In the absence of sound reasons,
denials of parole applications of this kind may rob prisoners of hope
as they are left with no
clear way to demonstrate rehabilitation and
earn their freedom. A decision not to release a sentenced offender
under these circumstances
may be irrational in that the evidence and
information do not support the decision and do not justify the
decision-maker's conclusion.
It can thus be reviewed in terms of PAJA
on such grounds.
[76]
Thus,
crudely summarised, “irrational” refers to decisions
taken without adequate evidence or reasoning. This should
be
distinguished from a legitimate expectation that entails the
expectation of a fair procedure being followed (at the very least),
or that a certain outcome will be afforded, but only if this can be
based on a reasonable basis, arising from an undertaking given
by an
administrator or an administrator’s long-standing practice.
[16]
[77]
A
common concern raised in court (Mr Sikhosana, Mr Mbehele and Mr
Lephaila expressly so) was that a requirement is repeatedly imposed
that the sentenced offenders must repeat programmes they have already
completed and can be considered again for parole only after
18 –
24 months. The requirement that an offender redo a successfully
completed rehabilitation programme in order to be eligible
for parole
may in the absence of other warranting factors be arbitrary,
capricious and possibly irrational.
[17]
If the effect of repeated recommendations is that the inmate will
never be placed on parole, this may well conflict with the
Constitution.
[78]
Mr Mbhele indicated that the CMC,
the CSPB and the NCCS recommended him for parole, but the Minister
decided not to place him on
parole (after taking 4 years to make the
decision). It is not clear from the affidavits on behalf of the
Minister why the Minister
disagreed with the recommendations. This
may well afford a basis for concluding that the decision is
irrational, but Mr Mbhele
did not make out this case before me, even
on a generous interpretation of his affidavit. What would have been
helpful is if he
provided the recommendations to the court, stating
expressly how he complied with the recommendations, together with the
recommendation
and reasons of the Minister, setting out why the
Minister’s decision was not rational. The Minister would then
have to explain
why the decision was rational. Only once the court
has all this information, can the court review the decision.

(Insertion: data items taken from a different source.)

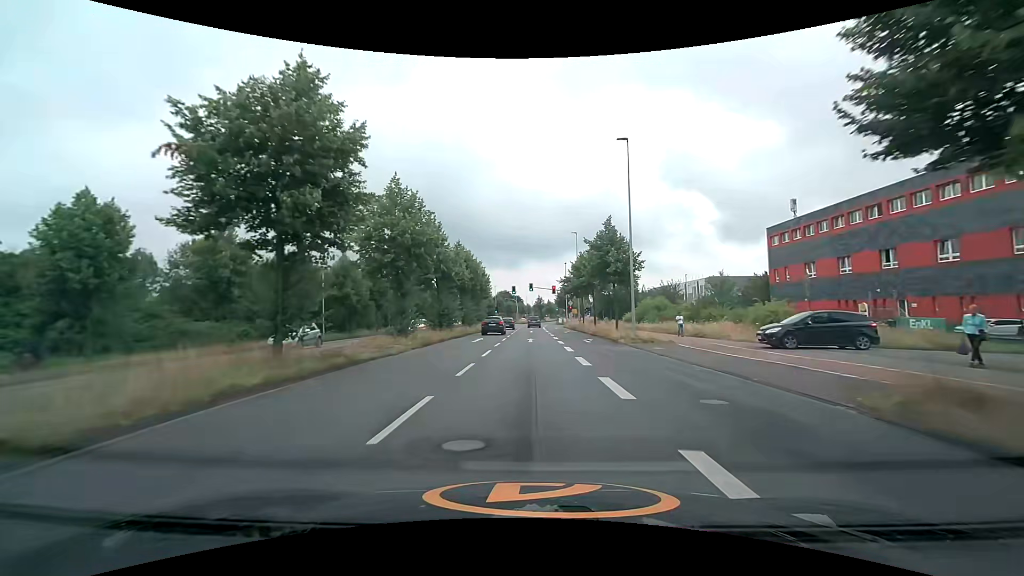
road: secondary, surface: asphalt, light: Day
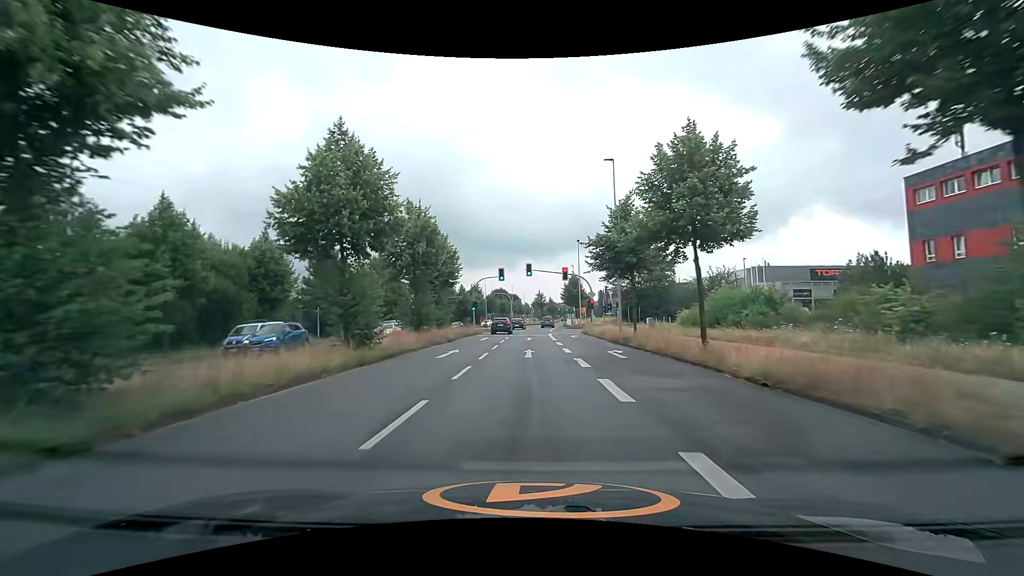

# The applicability of PAJA
The applicability of PAJA
[79]
What is clear is that the Minister’s
decision is an administrative action. PAJA defines an administrative
action as –
“
administrative
action” means any decision taken, or any failure to take a
decision, by—
(a)
an organ of state, when—
(i)
exercising a power in terms of the Constitution or a provincial
constitution;
or
(ii)
exercising a public power or performing a public function in terms of
any legislation;
or
(b)
a natural or juristic person, other than an organ of state, when
exercising a public power
or performing a public function in terms of
an empowering provision, which adversely affects the rights of any
person and which
has a direct, external legal effect, but does not
include—
[…]
Failure to make a
decision
[80]
Under PAJA, failure to make a
decision can also be an administrative action. The decision is then
defined as a decision that is
proposed or required to be made under
an empowering provision. This element of decision implies a finality
in administrative action
and will apply to the entire process. The
Minister’s failure to make a decision is also an administrative
action.
[81]
In terms of ss 6(2)(g) and s 6(3) of
PAJA, a court may review an “administrative action” –
including a failure
to make a decision – if there is a duty on
the administrator to make a decision and they have not done so.
[82]
The words “may” in
contradistinction to “shall” may sometimes indicate a
mere power as opposed to a duty
on the administrator to act. This
must, of course, be viewed in light of the purpose of the empowering
provision, which must be
interpreted in light of the Constitution.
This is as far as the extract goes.